EXERCISE — Total the lines of the listing below that hold the word "style". Output nothing except that number.

[Opening INPUT MATERIAL section]

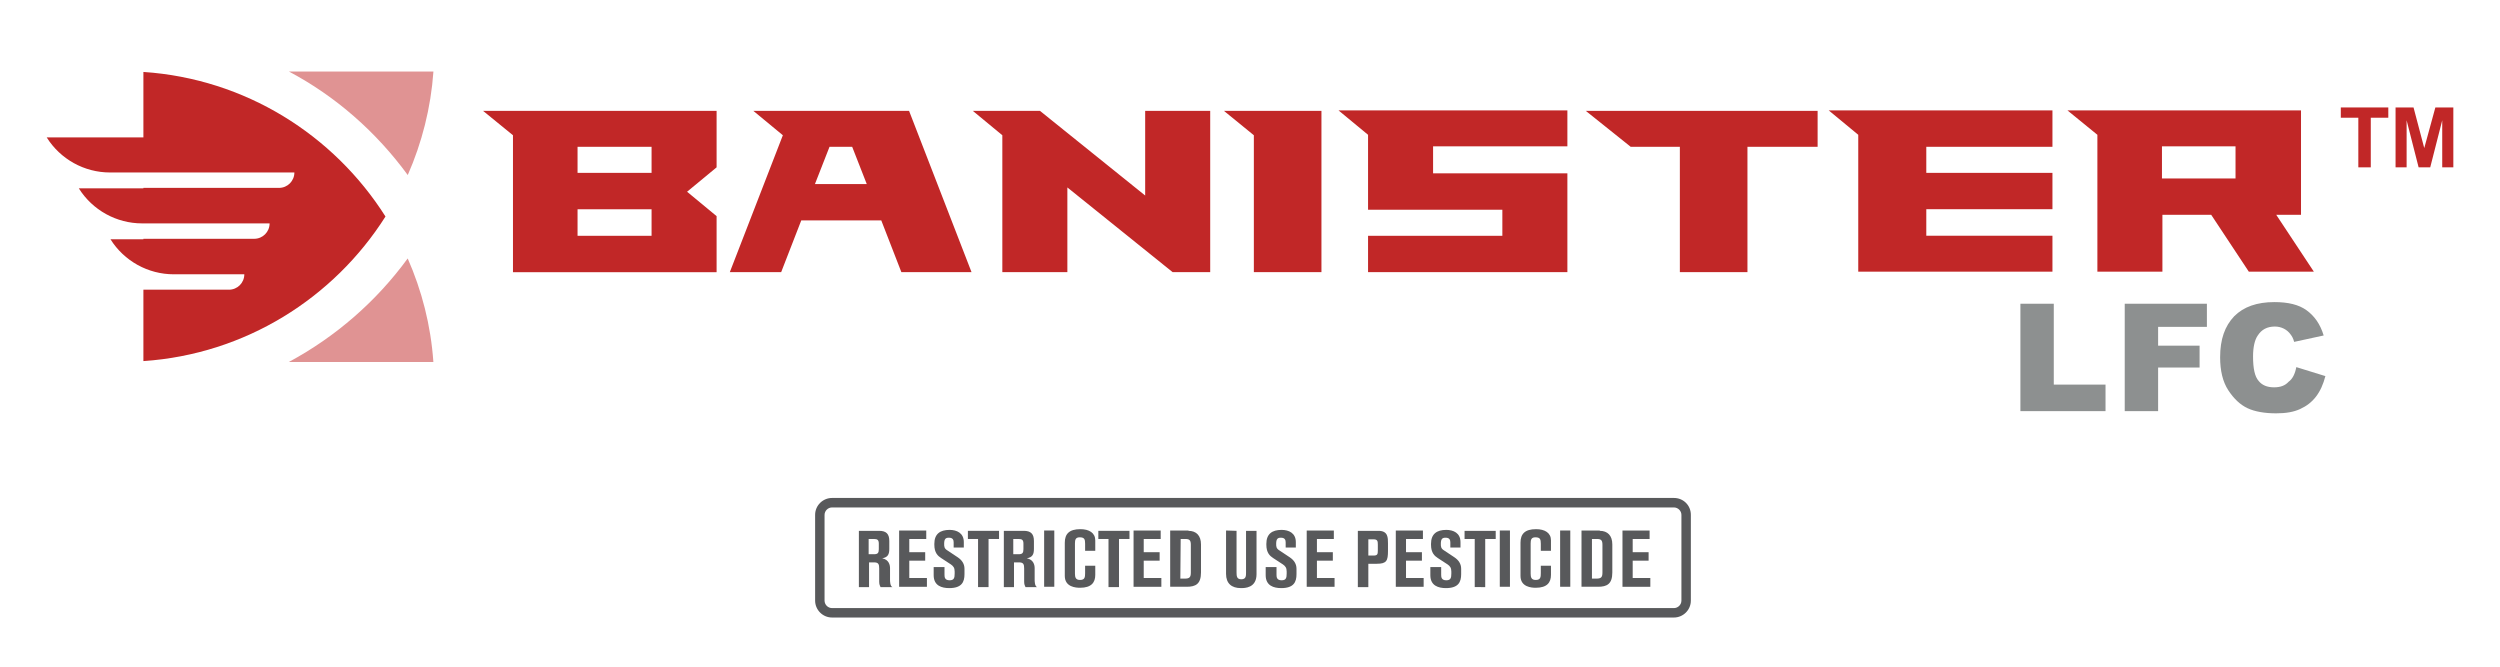 <?xml version="1.0" encoding="utf-8"?>
<!-- Generator: Adobe Illustrator 28.2.0, SVG Export Plug-In . SVG Version: 6.00 Build 0)  -->
<svg version="1.1" id="Layer_1" xmlns="http://www.w3.org/2000/svg" xmlns:xlink="http://www.w3.org/1999/xlink" x="0px" y="0px"
	 viewBox="0 0 4478.8 1195.5" style="enable-background:new 0 0 4478.8 1195.5;" xml:space="preserve">
<style type="text/css">
	.st0{fill:#C12727;}
	.st1{fill:#E09393;}
	.st2{fill:#8D9090;}
	.st3{fill:#58595B;}
</style>
<g>
	<g>
		<path class="st0" d="M4225,299.8v-88.9h-31.4v-18.4h85.1v18.4h-31.4v88.9H4225z"/>
		<path class="st0" d="M4291.7,299.8V192.5h32.2l19.2,72.8l19.9-72.8h32.2v107.3h-19.9v-84.3l-21.5,84.3H4333l-21.5-84.3v84.3
			H4291.7z"/>
	</g>
	<g>
		<path class="st0" d="M1283.8,198.6v101.2l-52.9,43.7l52.9,43.7v100.4H919V242.3l-53.6-43.7H1283.8z M1167.3,263h-132.6v46.7h132.6
			V263z M1167.3,374.9h-132.6v47.5h132.6V374.9z"/>
		<path class="st0" d="M1628.6,198.6l111.9,288.9h-125.7l-36-92.7h-143.3l-36,92.7h-92l95-245.2l-52.9-43.7H1628.6z M1552.8,329.7
			l-26.1-66.7h-40.6l-26.1,66.7H1552.8z"/>
		<path class="st0" d="M2168.1,198.6v288.9h-67.4l-188.5-151.7v151.7h-116.5V242.3l-52.9-43.7h120.3l188.5,151.7V198.6H2168.1z"/>
		<path class="st0" d="M2367.4,198.6v288.9h-121.1V242.3l-53.6-43.7H2367.4z"/>
		<path class="st0" d="M2567.4,310.5H2808v177h-357.1v-65.1h240.6v-46.7h-240.6V241.5l-52.9-43.7h410v64.4h-240.6V310.5z"/>
		<path class="st0" d="M3130.6,263v224.5h-121.1V263h-88.1l-80.5-64.4h415.4V263C3256.3,263,3130.6,263,3130.6,263z"/>
		<path class="st0" d="M3451,263v46.7H3677v65.1H3451v47.5H3677v64.4h-347.9V241.5l-52.9-43.7H3677V263H3451z"/>
		<path class="st0" d="M3961.4,384.8H3874v101.9h-116.5V241.5l-53.6-43.7h418.4v187h-44.4l67.4,101.9h-116.5L3961.4,384.8z
			 M3873.2,319.7H4005v-57.5h-131.8V319.7z"/>
	</g>
	<path class="st1" d="M730.5,313.6c25.3-57.5,41.4-120.3,46-185.5h-259C601.7,172.6,674.5,236.9,730.5,313.6z"/>
	<path class="st0" d="M256.9,518.2v128.7c182.4-12.3,341-112.7,433.7-259c-92.7-146.4-251.4-246.8-433.7-259v117.3H83.7l0,0
		c24.5,39.1,67.4,62.8,113.4,62.8h330.3l0,0c0,15.3-12.3,27.6-27.6,27.6H256.9v0.8H141.2l0,0c24.5,39.1,67.4,62.8,113.4,62.8h228.4
		l0,0c0,15.3-12.3,27.6-27.6,27.6H256.9v0.8h-59l0,0c24.5,39.1,67.4,62.8,113.4,62.8h126.4l0,0c0,15.3-12.3,27.6-27.6,27.6H256.9
		V518.2z"/>
	<path class="st1" d="M517.4,648.5h259c-4.6-65.9-20.7-128-46-185.5C674.5,539.6,601.7,603.2,517.4,648.5z"/>
	<g>
		<path class="st2" d="M3619.6,544.2h59.8v144.8h92.7v47.5h-152.5V544.2z"/>
		<path class="st2" d="M3806.6,544.2h147.1v41.4h-87.4v33.7h74.3v39.1h-74.3v78.2h-59.8V544.2z"/>
		<path class="st2" d="M4113.9,657.7l52.1,16.1c-3.8,14.6-9.2,26.8-16.9,36.8c-7.7,10-16.9,16.9-28.4,22.2s-25.3,7.7-42.9,7.7
			c-20.7,0-38.3-3.1-51.3-9.2c-13-6.1-24.5-16.9-34.5-32.2c-10-15.3-14.6-35.3-14.6-59c0-32.2,8.4-55.9,25.3-73.6
			c16.9-16.9,40.6-25.3,72-25.3c24.5,0,43.7,4.6,57.5,14.6s24.5,24.5,30.7,45.2l-52.9,11.5c-1.5-6.1-3.8-10-6.1-13
			c-3.1-4.6-7.7-8.4-12.3-10.7c-4.6-2.3-10-3.8-16.1-3.8c-13.8,0-23.8,5.4-30.7,16.1c-5.4,7.7-8.4,20.7-8.4,37.6
			c0,21.5,3.1,36,10,43.7c6.1,7.7,15.3,11.5,27.6,11.5c11.5,0,19.9-3.1,26.1-10C4107,679.1,4111.6,669.9,4113.9,657.7z"/>
	</g>
</g>
<g>
	<g>
		<path class="st3" d="M2998.9,909.1c7.3,0,13.4,6.1,13.4,13.4V1076c0,7.3-6.1,13.4-13.4,13.4H1490.6c-7.3,0-13.4-6.1-13.4-13.4
			V922.5c0-7.3,6.1-13.4,13.4-13.4H2998.9 M2998.9,892.1H1490.6c-16.4,0-30.3,13.4-30.3,30.3V1076c0,16.4,13.4,30.3,30.3,30.3
			h1508.3c16.4,0,30.3-13.4,30.3-30.3V922.5C3029.3,905.5,3015.9,892.1,2998.9,892.1L2998.9,892.1z"/>
	</g>
	<g>
		<path class="st3" d="M1575,951c12.7,0,18.2,5.5,18.2,18.2v14c0,9.7-2.4,15.2-12.7,17c12.1,2.4,14,12.1,14,17.6v20.6
			c0,2.4,0,11.5,4.2,13.4h-21.2c-1.2-2.4-2.4-4.9-2.4-9.7v-23.7c0-7.3-1.2-10.9-9.1-10.9h-9.1v44.3h-18.2V951L1575,951L1575,951z
			 M1556.2,992.9h9.7c6.7,0,8.5-2.4,8.5-9.1v-9.7c0-6.7-2.4-8.5-8.5-8.5h-9.7V992.9z"/>
		<path class="st3" d="M1610.8,1051.1V950.4h48.6v15.2H1629v23.7h28.5v15.2H1629v31h31.6v15.8H1610.8z"/>
		<path class="st3" d="M1692.1,1015.9v14c0,4.2,0.6,9.7,9.1,9.7c7.9,0,9.1-4.2,9.1-12.1v-3.6c0-6.7-2.4-9.7-6.7-12.7l-17.6-11.5
			c-5.5-3.6-12.1-9.1-12.1-23.7v-1.8c0-17.6,10.3-24.9,27.3-24.9c12.7,0,25.5,5.5,25.5,21.9v9.7h-18.2v-9.1c0-4.2-1.2-8.5-8.5-8.5
			c-5.5,0-8.5,1.8-8.5,10.9c0,4.9,0,8.5,6.1,12.1l18.2,12.1c7.3,4.9,12.1,11.5,12.1,20.6v9.7c0,14-4.9,24.9-27.3,24.9
			c-13.4,0-27.9-4.2-27.9-23.1v-14.6L1692.1,1015.9L1692.1,1015.9z"/>
		<path class="st3" d="M1771,965.6v86.2h-18.8v-86.2H1734V951h55.8v14.6H1771z"/>
		<path class="st3" d="M1834.1,951c12.7,0,18.2,5.5,18.2,18.2v14c0,9.7-2.4,15.2-12.7,17c12.1,2.4,14,12.1,14,17.6v20.6
			c0,2.4,0,11.5,4.2,13.4h-20.6c-1.2-2.4-2.4-4.9-2.4-9.7v-23.7c0-7.3-1.2-10.9-9.1-10.9h-9.1v44.3h-18.2V951L1834.1,951L1834.1,951
			z M1815.3,992.9h9.7c6.7,0,8.5-2.4,8.5-9.1v-9.7c0-6.7-2.4-8.5-8.5-8.5h-9.7V992.9z"/>
		<path class="st3" d="M1870.6,1051.1V950.4h18.2v100.8H1870.6z"/>
		<path class="st3" d="M1962.2,1013.5v16.4c0,13.4-6.7,23.1-27.3,23.1c-7.3,0-27.3-1.2-27.3-21.2v-59.5c0-15.8,7.9-24.3,27.9-24.3
			c15.8,0,26.7,6.7,26.7,20v18.8H1944v-12.7c0-7.9-1.2-11.5-9.7-11.5c-7.3,0-8.5,4.2-8.5,10.9v54c0,6.7,1.2,11.5,9.1,11.5
			c8.5,0,9.1-4.9,9.1-12.1v-13.4H1962.2z"/>
		<path class="st3" d="M2004.7,965.6v86.2h-18.8v-86.2h-18.2V951h55.8v14.6H2004.7z"/>
		<path class="st3" d="M2030.8,1051.1V950.4h48.6v15.2H2049v23.7h28.5v15.2H2049v31h31.6v15.8H2030.8z"/>
		<path class="st3" d="M2129.1,951c14,0,22.5,8.5,22.5,24.3v50.4c0,20.6-9.7,25.5-25.5,25.5h-29.7V950.4h32.8V951z M2114.6,1036.6
			h7.9c8.5,0,10.9-2.4,10.9-10.9v-49.8c0-7.9-2.4-10.3-9.7-10.3h-8.5L2114.6,1036.6L2114.6,1036.6z"/>
		<path class="st3" d="M2215.3,951v74.7c0,6.7,0.6,12.1,8.5,12.1c8.5,0,8.5-6.1,8.5-12.1V951h18.8v77.7c0,24.9-21.2,24.9-27.9,24.9
			c-17,0-26.7-8.5-26.7-25.5v-77.7L2215.3,951L2215.3,951z"/>
		<path class="st3" d="M2286.9,1015.9v14c0,4.2,0.6,9.7,9.1,9.7c7.9,0,9.1-4.2,9.1-12.1v-3.6c0-6.7-2.4-9.7-6.7-12.7l-17.6-11.5
			c-5.5-3.6-12.1-9.1-12.1-23.7v-1.8c0-17.6,10.3-24.9,27.3-24.9c12.7,0,25.5,5.5,25.5,21.9v9.7h-18.2v-9.1c0-4.2-1.2-8.5-8.5-8.5
			c-5.5,0-8.5,1.8-8.5,10.9c0,4.9,0,8.5,6.1,12.1l18.2,12.1c7.3,4.9,12.1,11.5,12.1,20.6v9.7c0,14-4.9,24.9-27.3,24.9
			c-13.4,0-27.9-4.2-27.9-23.1v-14.6L2286.9,1015.9L2286.9,1015.9z"/>
		<path class="st3" d="M2341,1051.1V950.4h48.6v15.2h-30.3v23.7h28.5v15.2h-28.5v31h31.6v15.8H2341z"/>
		<path class="st3" d="M2469.6,951c17,0,17,12.1,17,22.5v13.4c0,17.6-2.4,23.1-20,23.1h-15.2v41.9h-18.8V951L2469.6,951L2469.6,951z
			 M2451.4,995.3h9.1c7.3,0,7.9-2.4,7.9-9.1v-10.3c0-6.7-0.6-9.7-7.9-9.7h-9.1V995.3z"/>
		<path class="st3" d="M2500.6,1051.1V950.4h48.6v15.2h-30.3v23.7h28.5v15.2h-28.5v31h31.6v15.8H2500.6z"/>
		<path class="st3" d="M2581.9,1015.9v14c0,4.2,0.6,9.7,9.1,9.7c7.9,0,9.1-4.2,9.1-12.1v-3.6c0-6.7-2.4-9.7-6.7-12.7l-17.6-11.5
			c-5.5-3.6-12.1-9.1-12.1-23.7v-1.8c0-17.6,10.3-24.9,27.3-24.9c12.7,0,25.5,5.5,25.5,21.9v9.7h-18.2v-9.1c0-4.2-1.2-8.5-8.5-8.5
			c-5.5,0-8.5,1.8-8.5,10.9c0,4.9,0,8.5,6.1,12.1l18.2,12.1c7.3,4.9,12.1,11.5,12.1,20.6v9.7c0,14-4.9,24.9-27.3,24.9
			c-13.4,0-27.9-4.2-27.9-23.1v-14.6L2581.9,1015.9L2581.9,1015.9z"/>
		<path class="st3" d="M2660.8,965.6v86.2H2642v-86.2h-18.2V951h55.8v14.6H2660.8z"/>
		<path class="st3" d="M2686.9,1051.1V950.4h18.2v100.8H2686.9z"/>
		<path class="st3" d="M2778.6,1013.5v16.4c0,13.4-6.7,23.1-27.3,23.1c-7.3,0-27.3-1.2-27.3-21.2v-59.5c0-15.8,7.9-24.3,27.9-24.3
			c15.8,0,26.7,6.7,26.7,20v18.8h-18.2v-12.7c0-7.9-1.2-11.5-9.7-11.5c-7.3,0-8.5,4.2-8.5,10.9v54c0,6.7,1.2,11.5,9.1,11.5
			c8.5,0,9.1-4.9,9.1-12.1v-13.4H2778.6z"/>
		<path class="st3" d="M2795,1051.1V950.4h18.2v100.8H2795z"/>
		<path class="st3" d="M2866,951c14,0,22.5,8.5,22.5,24.3v50.4c0,20.6-9.7,25.5-25.5,25.5h-29.7V950.4h32.8V951z M2852,1036.6h7.9
			c8.5,0,10.9-2.4,10.9-10.9v-49.8c0-7.9-2.4-10.3-9.7-10.3h-9.1V1036.6z"/>
		<path class="st3" d="M2906.7,1051.1V950.4h48.6v15.2h-30.3v23.7h28.5v15.2h-28.5v31h31.6v15.8H2906.7z"/>
	</g>
</g>
</svg>

[Closing INPUT MATERIAL section]

THE ANSWER — 3